Find the coefficient of $x^6$ in $\left[(1+x)(1+x^2)^2(1+x^3)^3 \cdots (1+x^n)^n\right]$.
Expansion $$\left[\left(1+\binom11x \right)\left(1+\binom21x + \binom22x^2 \right)\left(1 +\binom31x+\binom32x^2+\binom33x^3 \right)\cdots \left(1 + \binom n1 x + \binom n2x^2 + \cdots +\binom n nx^n \right) \right]$$
I expanded it as shown above but couldn't proceed further. Any Help would be appreciated.
On
Here we give a supplement regarding the cases $1\leq n\leq 5$. It is convenient to use the coefficient of operator $[x^k]$ to denote the coefficient of $x^k$ in a series.
We obtain
Cases $n=1,2$: \begin{align*} [x^6](1+x)=[x^6](1+x)(1+x^2)^2\color{blue}{=0} \end{align*}
Case $n=3$:
\begin{align*} \color{blue}{[x^6]}&\color{blue}{(1+x^3)^3(1+x^2)^2(1+x)}\\ &=[x^6](1+3x^3+3x^6)(1+2x^2+x^4)(1+x)\tag{1}\\ &=\left([x^6]+3[x^3]+3[x^0]\right)(1+2x^2+x^4)(1+x)\tag{2}\\ &=0+3\cdot2+3\cdot 1\\ &\,\,\color{blue}{=9} \end{align*}
Case $n=4$:
\begin{align*} \color{blue}{[x^6]}&\color{blue}{(1+x^4)^4(1+x^3)^3(1+x^2)^2(1+x)}\\ &=[x^6](1+4x^4)(1+3x^3+3x^6)(1+2x^2+x^4)(1+x)\\ &=[x^6](1+3x^3+4x^4+3x^6)(1+2x^2+x^4)(1+x)\tag{3}\\ &=\left([x^6]+3[x^3]+4[x^2]+3[x^0]\right)(1+2x^2+x^4)(1+x)\\ &=0 + 3\cdot 2+4\cdot 2+3\cdot 1\\ &\,\,\color{blue}{=17} \end{align*}
Case $n=5$:
\begin{align*} \color{blue}{[x^6]}&\color{blue}{(1+x^5)^5(1+x^4)^4(1+x^3)^3(1+x^2)^2(1+x)}\\ &=[x^6](1+5x^5)(1+4x^4)(1+3x^3+3x^6)(1+2x^2+x^4)(1+x)\\ &=[x^6](1+4x^4+5x^5)(1+2x^2+3x^3+x^4+6x^5+3x^6)(1+x)\tag{4}\\ &=\left([x^6]+4[x^2]+5[x]\right)(1+2x^2+3x^3+x^4+6x^5+3x^6)(1+x)\\ &=(6+3)+4\cdot 2+5\cdot 1\\ &\,\,\color{blue}{=22} \end{align*}
Comment:
In (1) we expand the terms skipping summands with powers of $x$ greater than $6$.

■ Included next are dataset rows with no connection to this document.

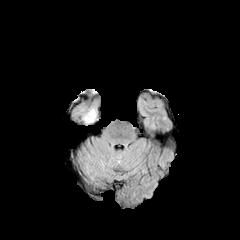
FLAIR MR image.
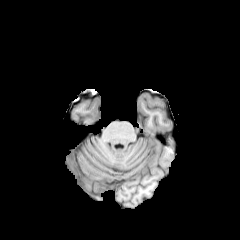
Same slice, T1-weighted MRI.
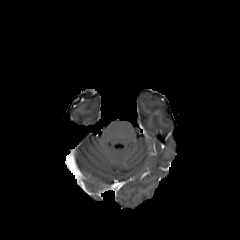
Post-contrast T1-weighted MR image.
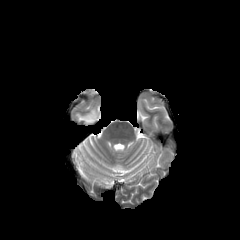
T2-weighted MR of the same slice.
Brain.
The edema lies within l=82, t=107, r=96, b=123.

In (2) we use the rule $[x^{p-q}]A(x)=[x^p]x^qA(x)$.
In (3) we multiply out the left-most two terms ignoring summands which do not contribute to $[x^6]$.
In (4) we multiply out the left-most two terms and the next two terms ignoring summands which do not contribute to $[x^6]$.
Taken mod $x^7$ (meaning we drop anything with a power of $x$ greater than $6$), we have
$$(1+x)(1+x^2)^2(1+x^3)^3\cdots\equiv(1+x)(1+2x^2+x^4)(1+3x^3+3x^6)(1+4x^4)(1+5x^5)(1+6x^6)\\ \equiv(1+x+5x^5+5x^6)(1+2x^2+5x^4+8x^6)(1+3x^3+9x^6)\\ $$
where in the second step we've paired $(1+x)$ with $1+5x^5$, $(1+2x^2+x^4)$ with $(1+4x^4)$, and $(1+3x^3+3x^6)$ with $(1+x^6)$. The coefficient of $x^6$ in the resulting expansion is
$$5+8+9+1\cdot2\cdot3=28$$
(where the $1\cdot2\cdot3$ comes from the product $x\cdot2x^2\cdot3x^3$).